Data items
· · · · ·

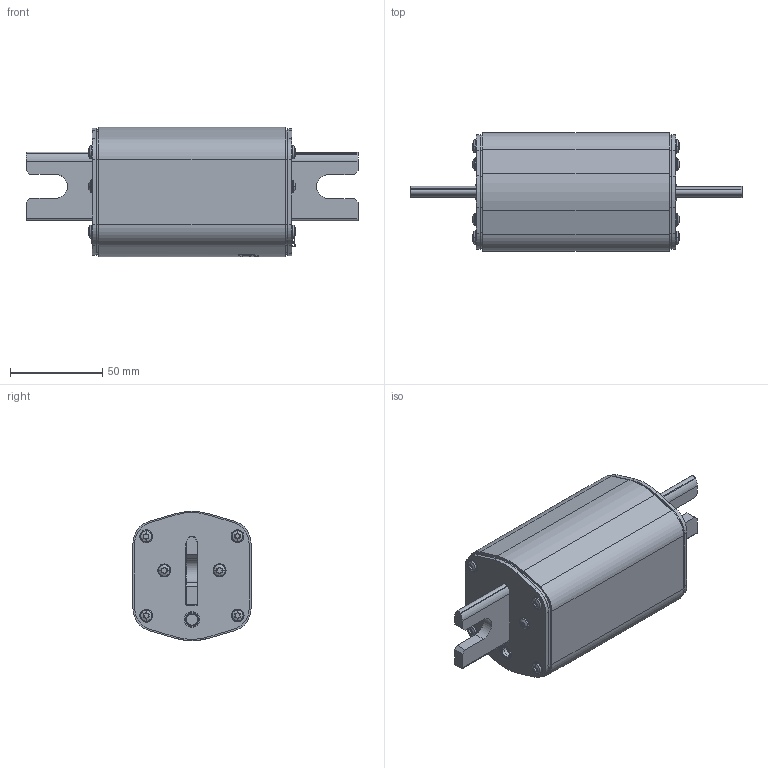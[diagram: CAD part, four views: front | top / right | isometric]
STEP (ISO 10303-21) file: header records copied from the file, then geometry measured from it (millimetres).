
FILE_DESCRIPTION((''),'2;1');
FILE_NAME('004110805_NHU3L_150_1000V_ASM','2024-10-29T07:09:06',('klemen.sitar'),('Audax d.o.o.'),'CREO PARAMETRIC BY PTC INC, 2021304','CREO PARAMETRIC BY PTC INC, 2021304','');
FILE_SCHEMA(('AP242_MANAGED_MODEL_BASED_3D_ENGINEERING_MIM_LF { 1 0 10303 442 1 1 4 }'));
Length unit declared in the file: millimetre
Products named in the file (11): 0000075813_2; 0000019100_2; 0000019000_AF0_2; 0000020162_AF0_2; 0000034906_ASM_2_ASM; 0000020380_2; 0000043213_1; 0000066274_1; 0000033047_1; 0000016201_1; 004110805_NHU3L_150_1000V_ASM
Assembly tree (24 placements, depth 3):
  004110805_NHU3L_150_1000V_ASM
    0000075813_2
    0000019100_2  x2
    0000034906_ASM_2_ASM  x2
      0000019000_AF0_2
      0000020162_AF0_2
    0000020380_2  x2
    0000043213_1  x8
    0000066274_1  x4
    0000033047_1  x2
    0000016201_1
Bounding box: 180 x 64 x 70 mm (x, y, z)
Volume: 453395 mm3; surface area: 84580.4 mm2
Topology: 24 solids, 40 shells, 1323 faces, 3677 edges, 2393 vertices
Faces by surface type: cylinder 676, plane 363, bspline 120, cone 68, torus 52, sphere 28, extrusion 16
Entity records: 29937 total; most frequent: CARTESIAN_POINT 9260, DIRECTION 2812, ORIENTED_EDGE 2552, PRESENTATION_STYLE_ASSIGNMENT 1307, EDGE_CURVE 1306, STYLED_ITEM 1304, CURVE_STYLE 1236, AXIS2_PLACEMENT_3D 1110
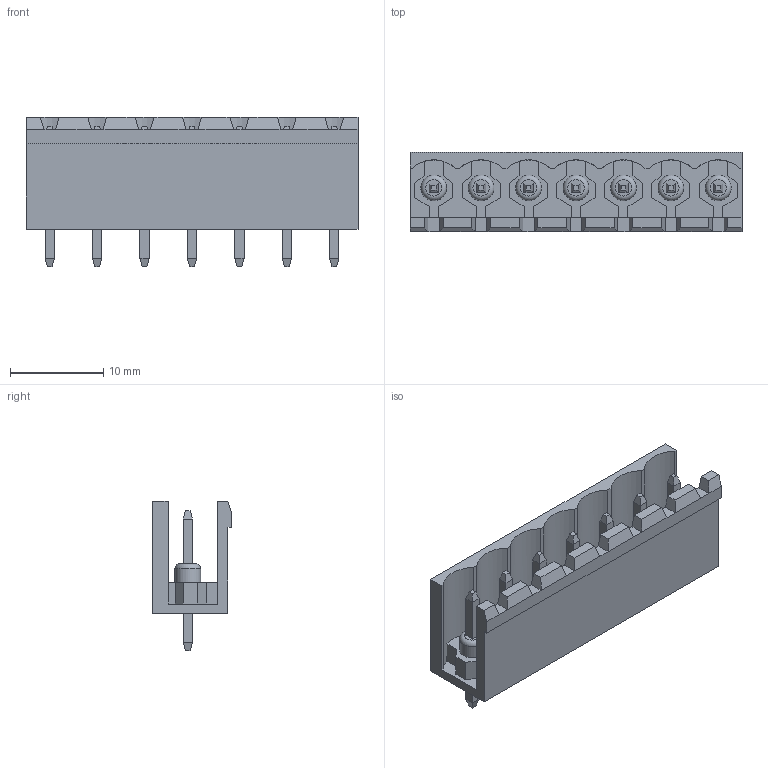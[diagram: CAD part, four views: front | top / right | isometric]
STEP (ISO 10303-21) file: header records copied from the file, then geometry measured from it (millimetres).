
FILE_DESCRIPTION( ( 'Unknown' ), '1' );
FILE_NAME( '691311500007.stp', 'Unknown', ( 'Unknown' ), ( 'Unknown' ), 'PSStep 18.0.17', 'Unknown', ' ' );
FILE_SCHEMA( ( 'AUTOMOTIVE_DESIGN { 1 0 10303 214 1 1 1 1 }' ) );
Length unit declared in the file: millimetre
Products named in the file (3): Assem1; 6913115000xx_PIN; 691311500007
Assembly tree (8 placements, depth 2):
  Assem1
    6913115000xx_PIN  x7
    691311500007
Bounding box: 35.56 x 8.5 x 16 mm (x, y, z)
Volume: 1402.1 mm3; surface area: 3231.7 mm2
Topology: 8 solids, 8 shells, 344 faces, 914 edges, 586 vertices
Faces by surface type: plane 323, cylinder 14, torus 7
Full cylindrical faces by diameter (mm): 2.75 x7
Entity records: 10420 total; most frequent: CARTESIAN_POINT 1477, ORIENTED_EDGE 1450, DIRECTION 1312, EDGE_CURVE 725, LINE 676, VECTOR 676, VERTEX_POINT 483, AXIS2_PLACEMENT_3D 318

· · · · ·

Please set down exactly the lines running from the one with "FILE_DESCRIPTION( ( 'Unknown' ), '1' );" to the last line of the entries above, both of them included, and no others.

FILE_DESCRIPTION( ( 'Unknown' ), '1' );
FILE_NAME( '691311500007.stp', 'Unknown', ( 'Unknown' ), ( 'Unknown' ), 'PSStep 18.0.17', 'Unknown', ' ' );
FILE_SCHEMA( ( 'AUTOMOTIVE_DESIGN { 1 0 10303 214 1 1 1 1 }' ) );
Length unit declared in the file: millimetre
Products named in the file (3): Assem1; 6913115000xx_PIN; 691311500007
Assembly tree (8 placements, depth 2):
  Assem1
    6913115000xx_PIN  x7
    691311500007
Bounding box: 35.56 x 8.5 x 16 mm (x, y, z)
Volume: 1402.1 mm3; surface area: 3231.7 mm2
Topology: 8 solids, 8 shells, 344 faces, 914 edges, 586 vertices
Faces by surface type: plane 323, cylinder 14, torus 7
Full cylindrical faces by diameter (mm): 2.75 x7
Entity records: 10420 total; most frequent: CARTESIAN_POINT 1477, ORIENTED_EDGE 1450, DIRECTION 1312, EDGE_CURVE 725, LINE 676, VECTOR 676, VERTEX_POINT 483, AXIS2_PLACEMENT_3D 318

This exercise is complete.